(THE TASK):
Transcribe the lines below verbatim, skipping the images.

(Source data):
=== Begin Enclosure ===

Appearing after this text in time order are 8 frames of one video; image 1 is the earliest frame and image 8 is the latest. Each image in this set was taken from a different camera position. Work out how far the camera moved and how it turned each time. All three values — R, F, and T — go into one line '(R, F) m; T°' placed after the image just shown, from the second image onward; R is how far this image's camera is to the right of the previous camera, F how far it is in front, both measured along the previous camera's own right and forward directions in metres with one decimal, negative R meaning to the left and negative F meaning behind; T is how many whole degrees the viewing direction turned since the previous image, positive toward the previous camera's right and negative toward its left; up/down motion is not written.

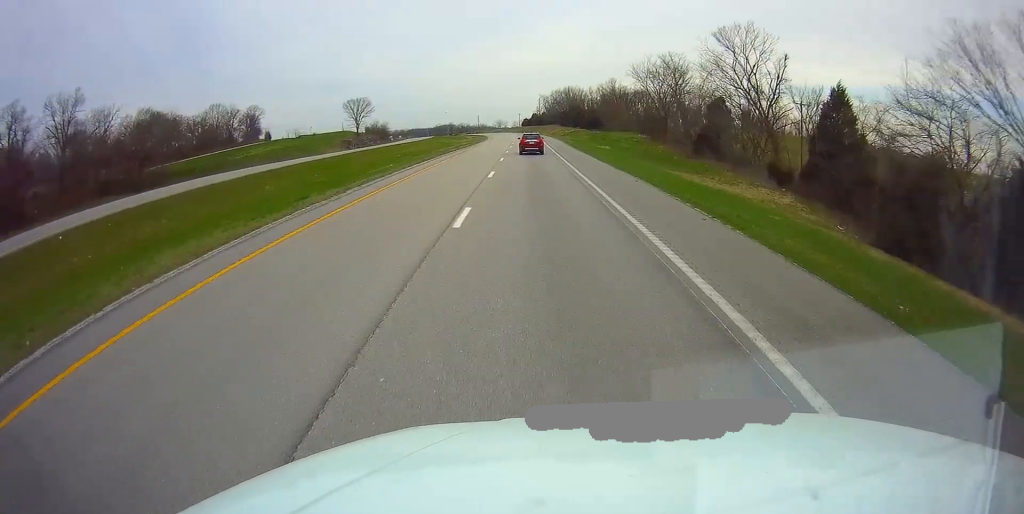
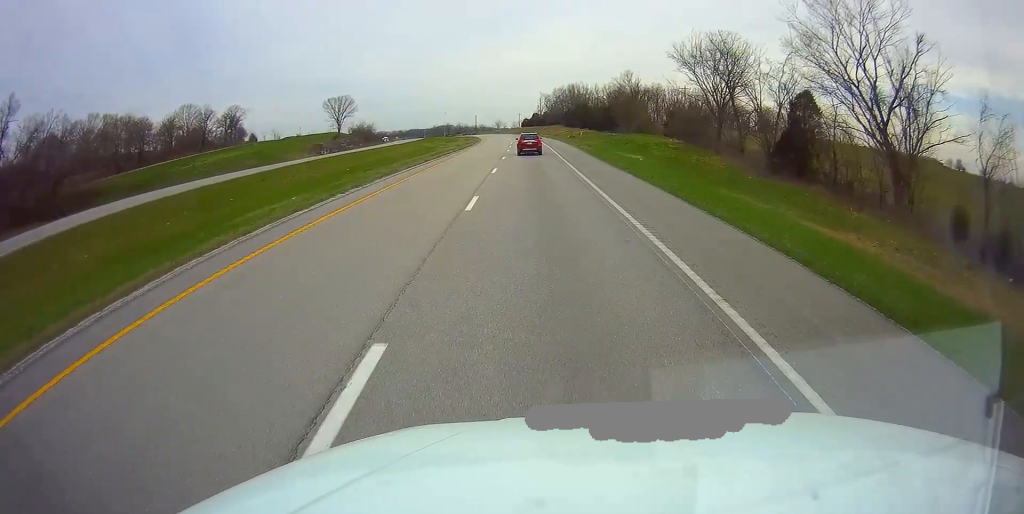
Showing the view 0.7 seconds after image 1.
(-0.2, +21.8) m; 0°
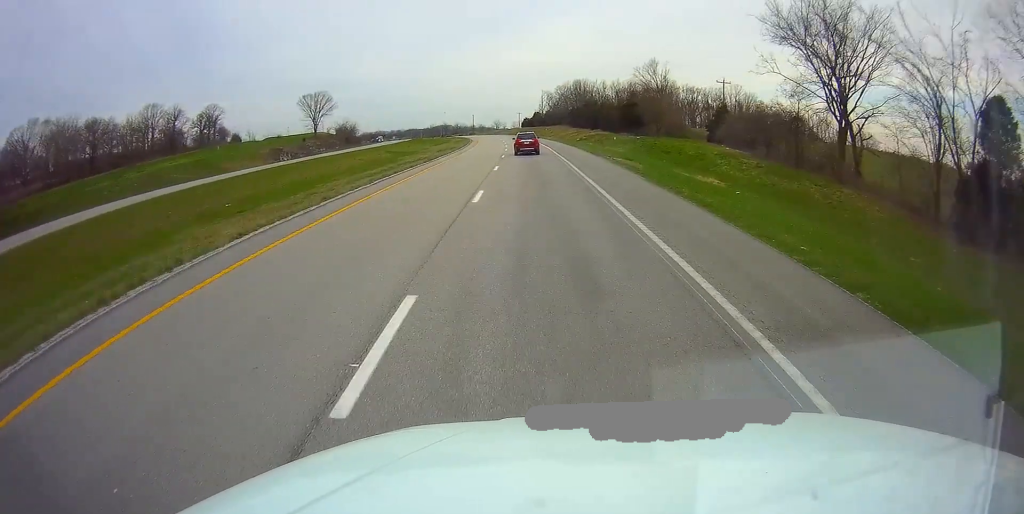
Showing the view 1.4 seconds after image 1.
(+0.1, +22.8) m; 0°
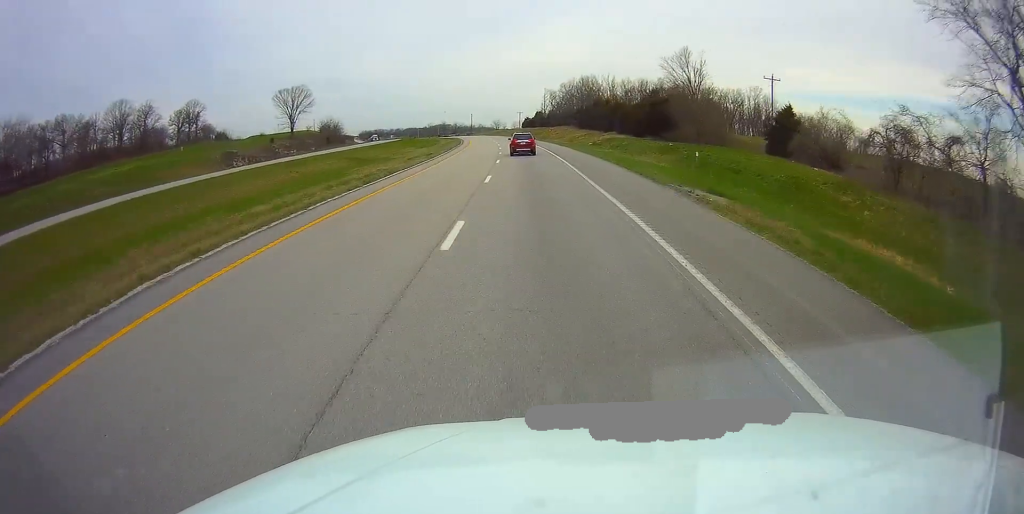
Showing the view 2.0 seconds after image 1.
(0.0, +18.6) m; 0°
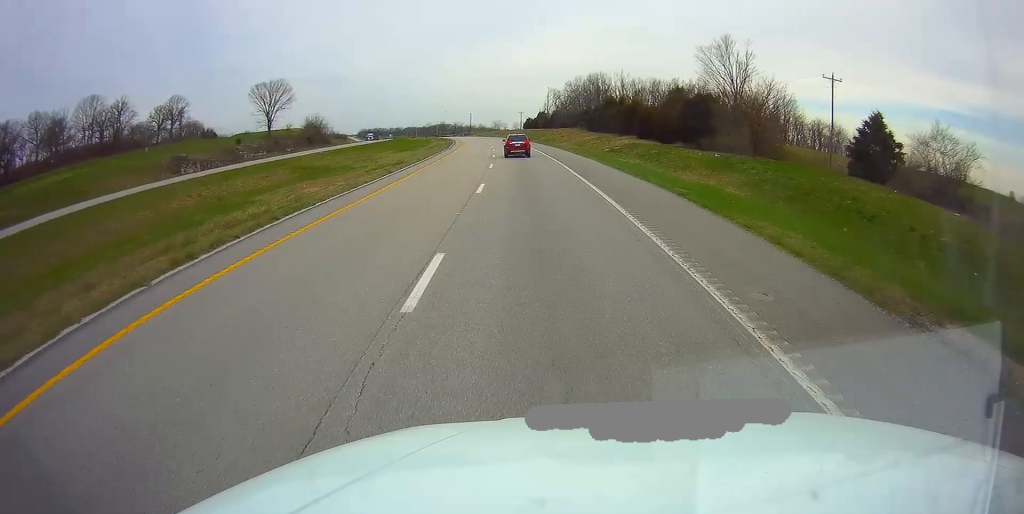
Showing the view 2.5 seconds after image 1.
(0.0, +15.4) m; -1°
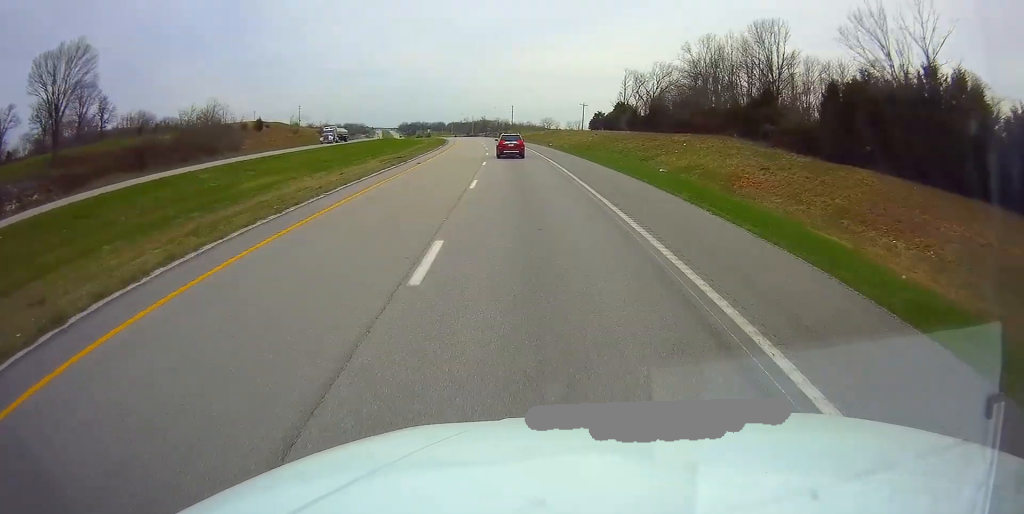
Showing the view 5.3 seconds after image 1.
(-3.7, +84.3) m; -5°
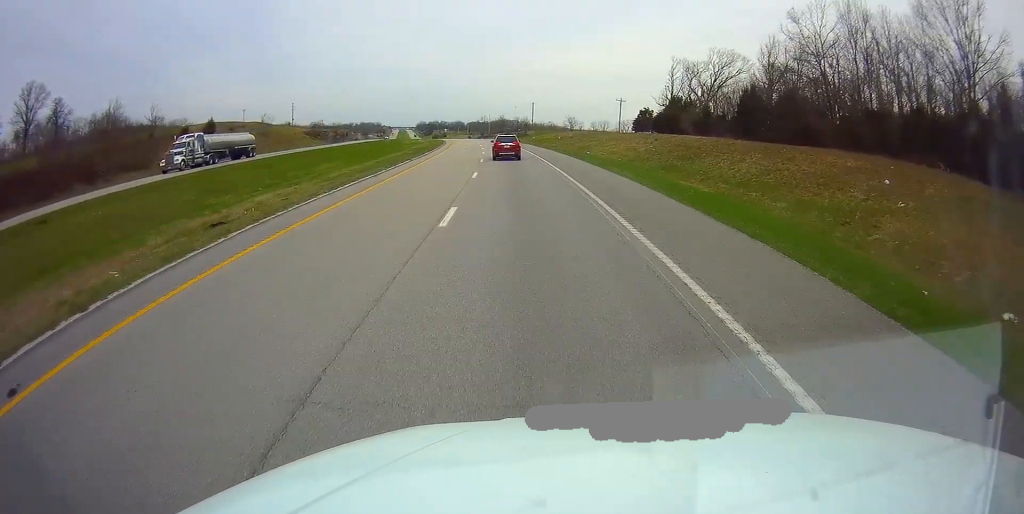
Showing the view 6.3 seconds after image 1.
(-0.6, +31.9) m; -2°
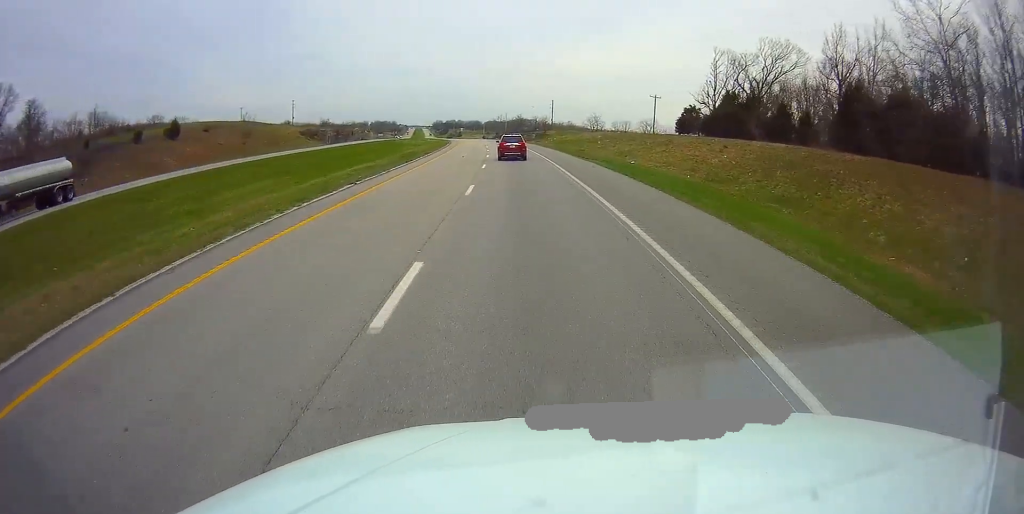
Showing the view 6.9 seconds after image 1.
(-0.2, +18.6) m; -1°
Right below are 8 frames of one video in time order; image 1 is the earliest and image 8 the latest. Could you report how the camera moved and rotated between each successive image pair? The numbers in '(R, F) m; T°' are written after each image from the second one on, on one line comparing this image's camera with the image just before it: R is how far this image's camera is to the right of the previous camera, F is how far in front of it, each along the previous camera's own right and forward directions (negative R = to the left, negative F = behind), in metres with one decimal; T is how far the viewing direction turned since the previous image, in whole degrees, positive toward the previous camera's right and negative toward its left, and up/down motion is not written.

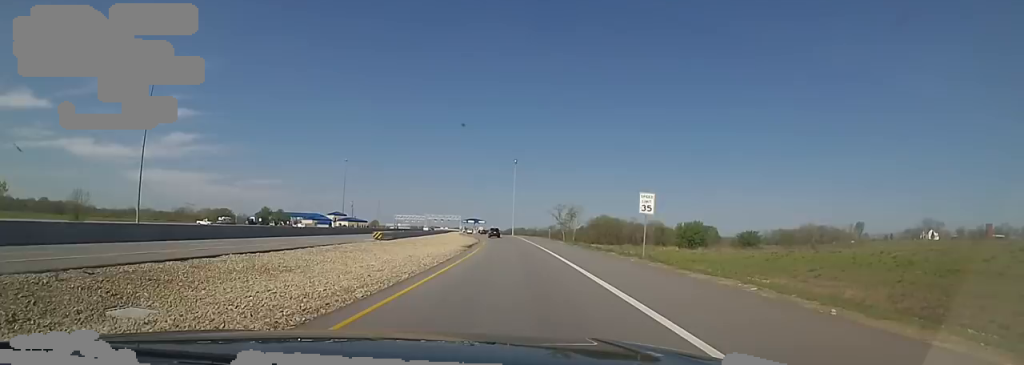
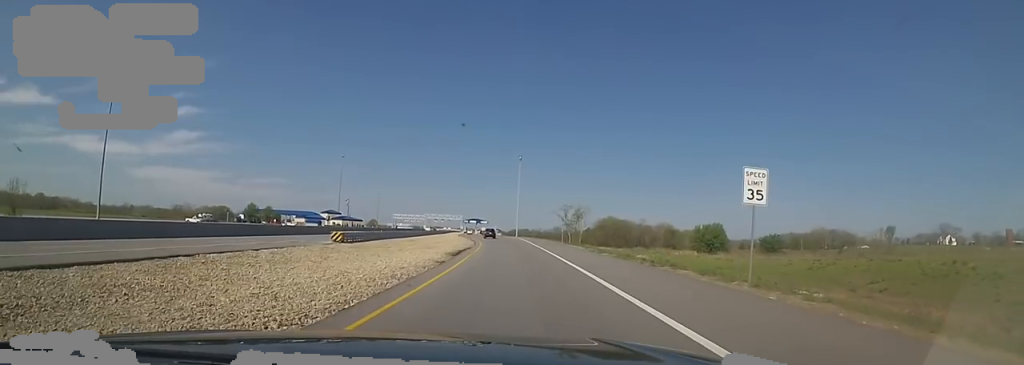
(-0.4, +12.1) m; -1°
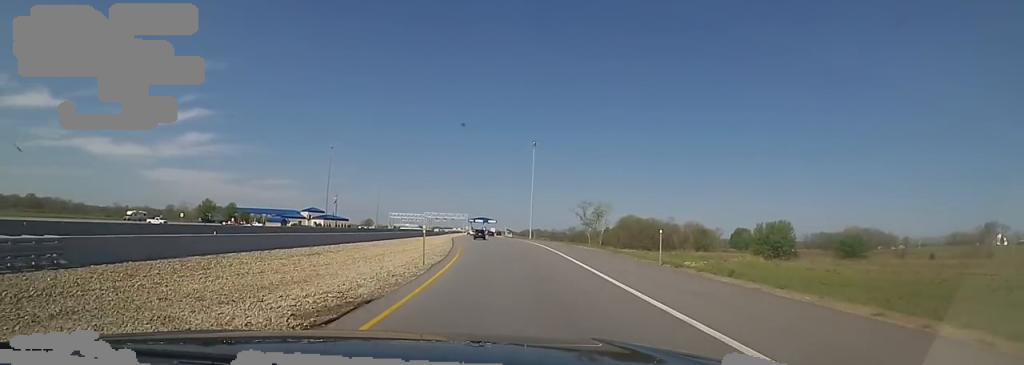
(-0.1, +30.6) m; -1°
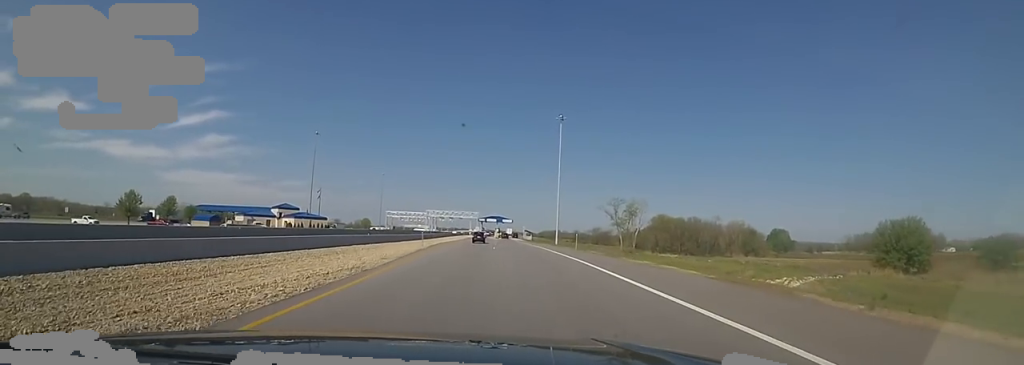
(-0.8, +34.4) m; -2°
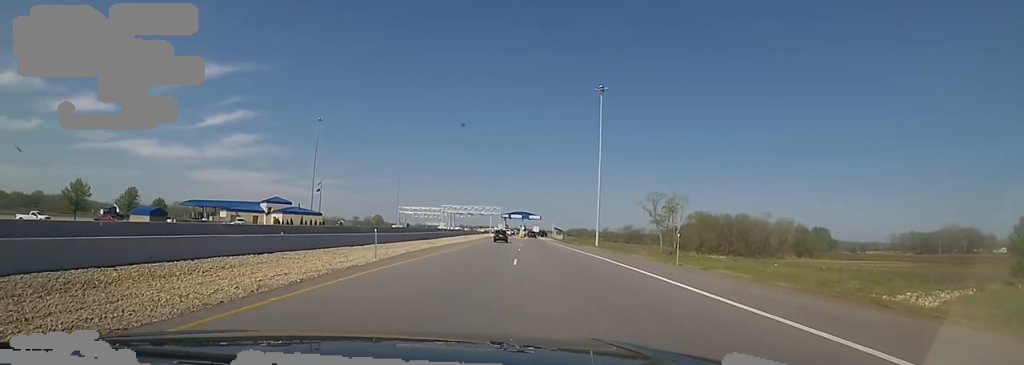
(-0.4, +21.5) m; -3°
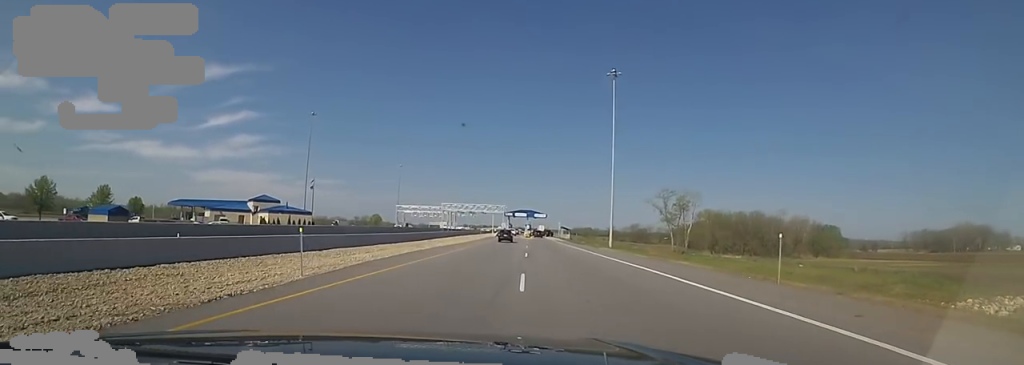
(-0.6, +8.7) m; -1°
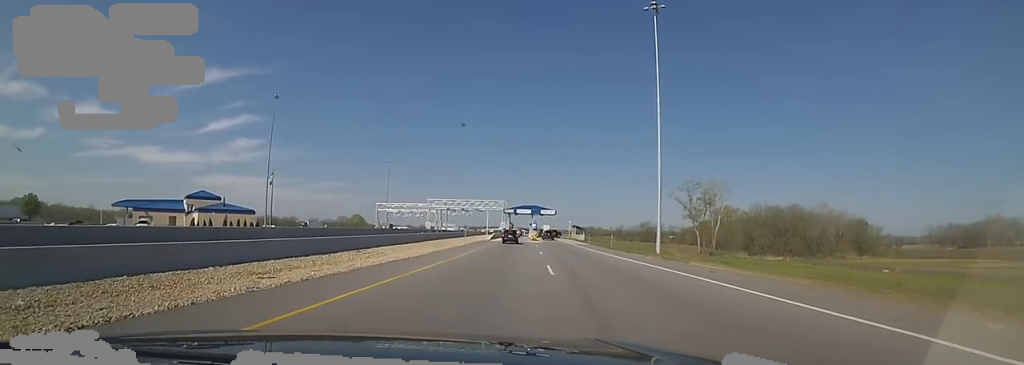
(+2.0, +25.9) m; +4°
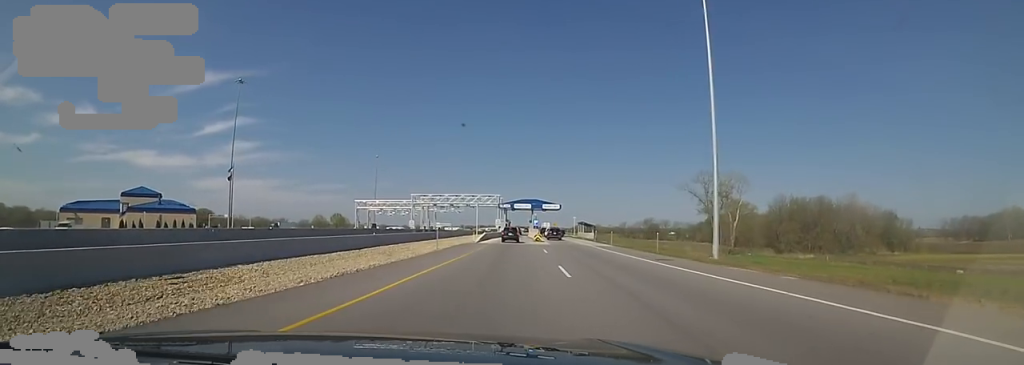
(-0.4, +17.0) m; -3°

=== End Enclosure ===

(EXERCISE RESULT):
Appearing after this text in time order are 8 frames of one video; image 1 is the earliest frame and image 8 is the latest. Each image in this set was taken from a different camera position. Work out how far the camera moved and how it turned each time. All three values — R, F, and T — go into one line '(R, F) m; T°' placed after the image just shown, from the second image onward; R is how far this image's camera is to the right of the previous camera, F how far it is in front, both measured along the previous camera's own right and forward directions in metres with one decimal, negative R meaning to the left and negative F meaning behind; T is how many whole degrees the viewing direction turned since the previous image, positive toward the previous camera's right and negative toward its left; up/down motion is not written.

Showing the view 0.7 seconds after image 1.
(-0.2, +21.8) m; 0°
Showing the view 1.4 seconds after image 1.
(+0.1, +22.8) m; 0°
Showing the view 2.0 seconds after image 1.
(0.0, +18.6) m; 0°
Showing the view 2.5 seconds after image 1.
(0.0, +15.4) m; -1°
Showing the view 5.3 seconds after image 1.
(-3.7, +84.3) m; -5°
Showing the view 6.3 seconds after image 1.
(-0.6, +31.9) m; -2°
Showing the view 6.9 seconds after image 1.
(-0.2, +18.6) m; -1°
Right below are 8 frames of one video in time order; image 1 is the earliest and image 8 the latest. Could you report how the camera moved and rotated between each successive image pair? The numbers in '(R, F) m; T°' are written after each image from the second one on, on one line comparing this image's camera with the image just before it: R is how far this image's camera is to the right of the previous camera, F is how far in front of it, each along the previous camera's own right and forward directions (negative R = to the left, negative F = behind), in metres with one decimal; T is how far the viewing direction turned since the previous image, in whole degrees, positive toward the previous camera's right and negative toward its left, and up/down motion is not written.

(-0.4, +12.1) m; -1°
(-0.1, +30.6) m; -1°
(-0.8, +34.4) m; -2°
(-0.4, +21.5) m; -3°
(-0.6, +8.7) m; -1°
(+2.0, +25.9) m; +4°
(-0.4, +17.0) m; -3°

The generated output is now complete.